Patients were recruited to the protocol in a sequential unselected manner. Those found at visit 1 not to fulfil the definition of uncontrolled asthma outlined above were excluded at that stage. All patients were seen and assessed by the same respiratory physician at visit 1 and every subsequent clinical visit. The protocol was run on an outpatient basis and coordinated by an asthma nurse specialist.

Visit 1

At the initial visit a detailed semi-structured clinical history was recorded for all subjects and a full physical examination was performed. Precipitants (oesophageal reflux, upper airway disease, social difficulties, and psychiatric symptoms) were graded by the assessing physician on the basis of clinical history and graded 0 (not present/no symptoms), 1 (minor factor/minor symptoms), or 2 (major factor/severe symptoms).

Skin prick testing to 12 inhalant allergens, chest radiography, spirometric testing with reversibility to nebulised β2 agonist, urinalysis, a standardised battery of blood tests, and induced sputum (Medix Sonix ultrasonic nebuliser, 3% hypertonic saline) were all performed, and an asthma related quality of life questionnaire7 and the Hospital Anxiety Questionnaire (HAD)8 were completed at visit 1.

The following investigations were arranged as part of the investigative protocol: formal psychiatric interview, ear, nose and throat examination, pulmonary function testing (inspiratory/expiratory flow-volume loop, carbon monoxide transfer factor and lung volumes by helium dilution), high resolution CT scan of the thorax, 24 hour dual probe ambulatory oesophageal pH monitoring, and dual emission x ray absorptiometry (DEXA). All subjects were offered the services of a social worker if an underlying contributory social issue was identified.

Inhaler technique was reviewed and patients were provided with the device they found most suitable and could use properly (including the provision of combination inhalers). All patients were provided with a written self-management plan, and they were given advice on the roles of precipitants in provoking their asthma symptoms and the precise role of different inhaler medications in an attempt to maximise compliance. They were instructed in keeping a peak flow record and provided with a diary. Atopic patients were provided with a standardised allergen avoidance sheet.

At visit 1 an initial management plan was instituted on clinical grounds including the requirement for a course of systemic steroids or the addition or reduction in therapy. All reviews were determined by clinical need and patients were asked to contact the clinic if their asthma deteriorated or if they had an unscheduled asthma visit or hospital admission and the details were recorded. At each review, clinical assessment was performed and spirometric parameters recorded.

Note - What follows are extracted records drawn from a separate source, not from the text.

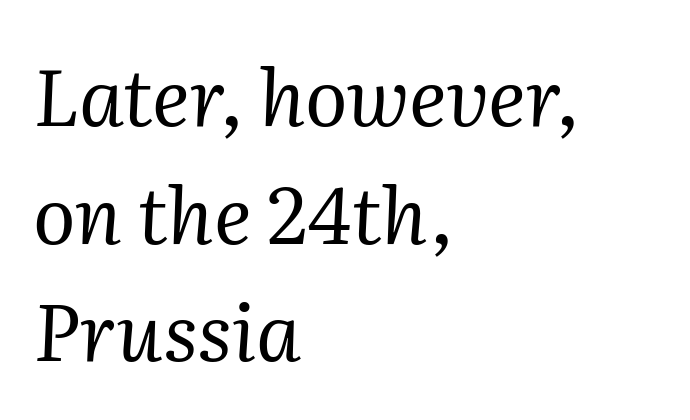
{"serif": "yes", "italic": "yes", "lean": "right", "slant_degrees": 2, "bold": "no", "weight": "regular", "width": "normal", "stroke_contrast": "medium", "x_height": "medium", "monospaced": "no", "underline": "no", "align": "left", "line_spacing": "normal", "line_spacing_ratio": 1.49, "letter_spacing": "normal", "letter_spacing_em": 0.0, "glyph_px": 79}
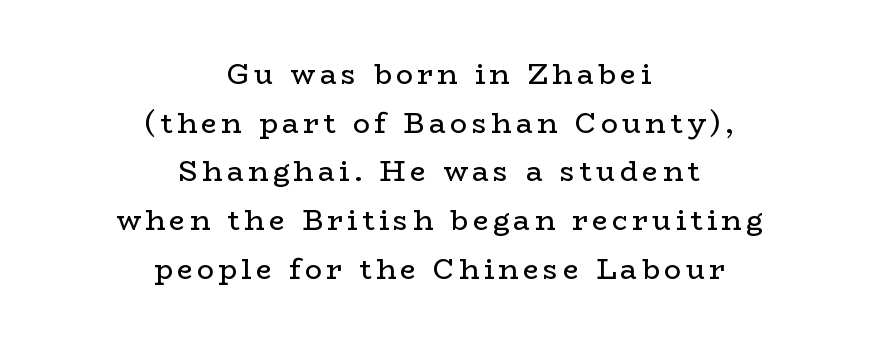
Q: Is the text bold? A: No.
Q: Is the text italic (slanted)? A: No, it is upright.
Q: Is the typeface a serif or a sans-serif typeface? A: Serif.
Q: Is the text underlined? A: No.
Q: How is the paragraph aligned? A: Centered.
Q: Width (condensed, normal, or wide)? A: Wide.
Q: Stroke contrast? A: Low.
Q: x-height? A: Medium.
Q: Monospaced? A: No.
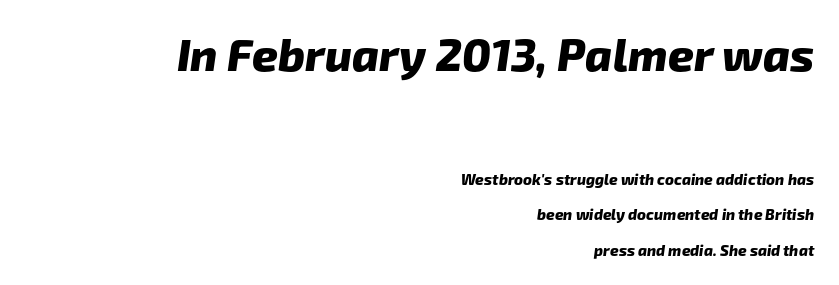
Q: Is the text bold? A: Yes.
Q: Is the typeface a serif or a sans-serif typeface? A: Sans-serif.
Q: Is the text underlined? A: No.
Q: How is the paragraph aligned? A: Right-aligned.
Q: Is the spacing between letters normal or unusually wide? A: Normal.
Q: Is the spacing between lines tight, normal or loose? A: Loose.
Q: Which block of text is set in a larger size, the first (top) or the second (bottom)? A: The first (top) one.
Q: Width (condensed, normal, or wide)? A: Normal.
Q: Stroke contrast? A: Low.
Q: x-height? A: Medium.
Q: Monospaced? A: No.
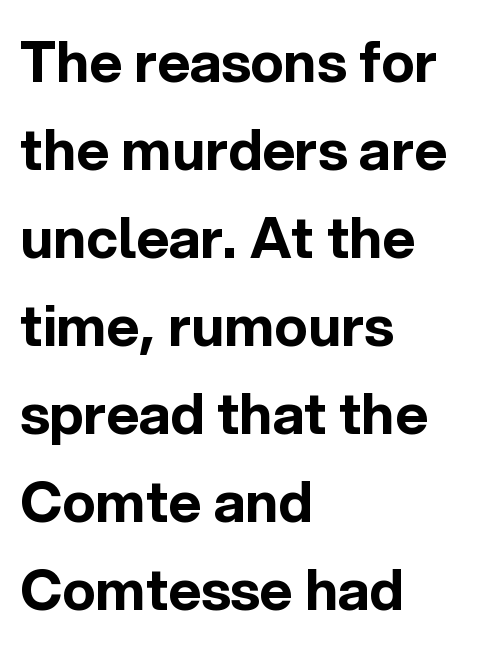
{"serif": "no", "italic": "no", "bold": "yes", "weight": "bold", "width": "normal", "x_height": "medium", "monospaced": "no", "underline": "no", "align": "left", "line_spacing": "normal", "line_spacing_ratio": 1.57, "letter_spacing": "normal", "letter_spacing_em": 0.0, "glyph_px": 56}
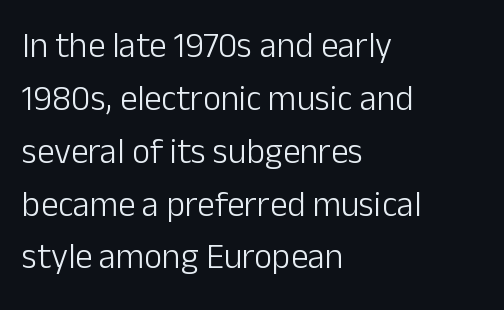
{"serif": "no", "italic": "no", "bold": "no", "weight": "light", "width": "normal", "stroke_contrast": "low", "x_height": "medium", "monospaced": "no", "underline": "no", "align": "left", "line_spacing": "normal", "line_spacing_ratio": 1.51, "letter_spacing": "normal", "letter_spacing_em": 0.0, "glyph_px": 35}
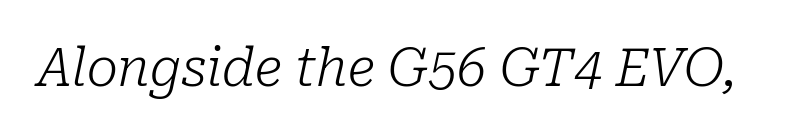
The image shows 52 px light serif type, italic (leaning right); set normal letter spacing, not underlined; low stroke contrast and a medium x-height.
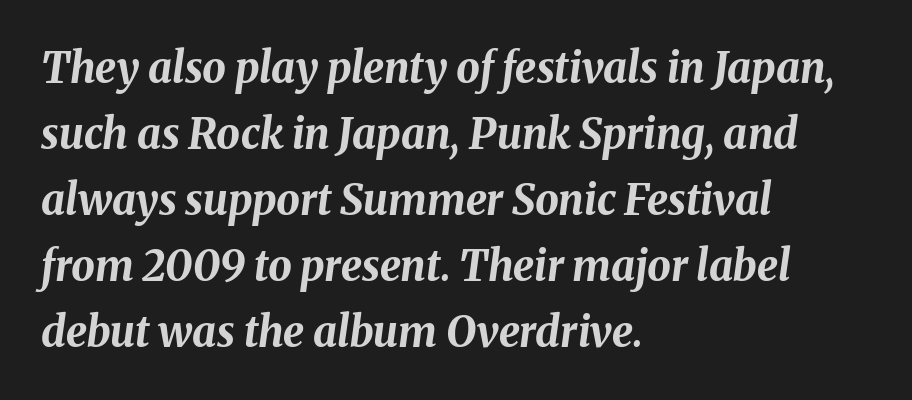
The image shows 42 px bold type, italic (leaning right); set left-aligned, normal line spacing (1.57x), normal letter spacing, not underlined; medium stroke contrast and a medium x-height.
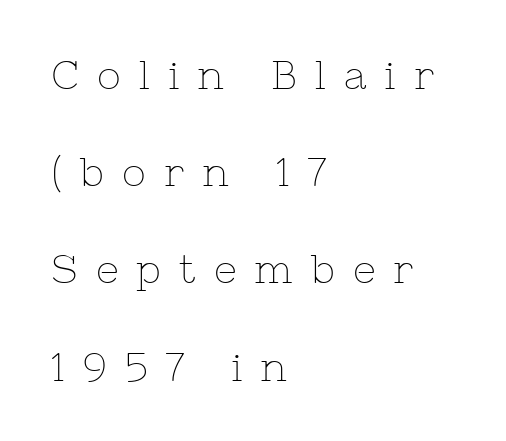
{"serif": "yes", "italic": "no", "bold": "no", "weight": "thin", "width": "normal", "stroke_contrast": "low", "x_height": "medium", "monospaced": "no", "underline": "no", "align": "left", "line_spacing": "loose", "line_spacing_ratio": 2.43, "letter_spacing": "wide", "letter_spacing_em": 0.45, "glyph_px": 40}

Asthma was managed according to BTS guidelines with treatment being stepped up and down as appropriate.1 The lowest dose of inhaled corticosteroid required to control asthma symptoms during the period of evaluation was recorded for each subject. All patients were followed up for a minimum period of 12 months after protocol assessment. If asthma symptoms were controlled, subjects were classified as having non-TRA and were discharged. TRA was defined in accordance with the ERS Task Force on Difficult Asthma as persisting symptoms due to asthma despite high dose inhaled steroids (2000 μg beclomethasone, 1600 μg budesonide, 1000 μg fluticasone) plus a long acting β2 agonist with the requirement for either maintenance systemic steroids or at least two rescue courses of steroids in a follow up period of 12 months and despite trials of other add-on therapies e.g. leukotriene receptor antagonist or theophylline. An asthma related quality of life questionnaire and the HAD questionnaire were completed on discharge by subjects with non-TRA and 12–18 months after protocol assessment by those with TRA.

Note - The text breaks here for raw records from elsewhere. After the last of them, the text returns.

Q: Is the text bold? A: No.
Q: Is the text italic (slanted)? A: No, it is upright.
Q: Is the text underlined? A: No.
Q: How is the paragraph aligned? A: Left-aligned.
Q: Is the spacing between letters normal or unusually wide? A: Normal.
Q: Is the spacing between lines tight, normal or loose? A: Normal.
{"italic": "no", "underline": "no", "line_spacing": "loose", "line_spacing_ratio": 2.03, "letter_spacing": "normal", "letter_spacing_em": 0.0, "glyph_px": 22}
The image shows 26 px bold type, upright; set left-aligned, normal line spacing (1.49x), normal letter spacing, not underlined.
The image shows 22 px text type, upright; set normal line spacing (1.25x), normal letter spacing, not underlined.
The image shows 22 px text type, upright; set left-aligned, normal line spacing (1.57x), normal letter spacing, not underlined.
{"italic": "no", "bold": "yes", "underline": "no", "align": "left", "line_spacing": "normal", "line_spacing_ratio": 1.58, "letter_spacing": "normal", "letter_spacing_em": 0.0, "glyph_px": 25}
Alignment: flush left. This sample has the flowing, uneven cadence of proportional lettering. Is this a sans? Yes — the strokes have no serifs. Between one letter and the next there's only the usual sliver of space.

If a subject failed to attend any follow up clinic appointment a further appointment letter was sent and telephone contact was made to identify the reason for non-attendance, to establish if the patient’s asthma remained stable, and to reinforce attendance at the new appointment. If the subject failed to attend for three sequential appointments no further appointments were made and the general practitioner was informed. Telephone follow up to both the subject and the primary care provider was made after 12–18 months in subjects lost to follow up to determine the outcome. When investigations or assessments suggested a course of treatment or action, this was arranged/prescribed at the time of the investigation or at the next clinical review.

Co-existent diagnoses such as bronchiectasis or unrecognised systemic disease were managed using standard interventions and treatments. If an external provoking factor was identified—for example, occupational exposure/domestic allergen—subjects were encouraged to take steps to exclude the provoking factor and the success or failure to do so was recorded. If patients gave a history of asthma symptoms consistently related to particular foods or drinks, dietetic assessment was arranged and, where appropriate, a trial period of a relevant exclusion diet (for example, sulphites, azo-dyes) instituted. If patients had an abnormal 24 hour oesophageal pH profile (defined in our laboratory as a distal oesophageal pH of <4 for more than 4.7% of total time9), a standard treatment dose of proton pump inhibitor was prescribed.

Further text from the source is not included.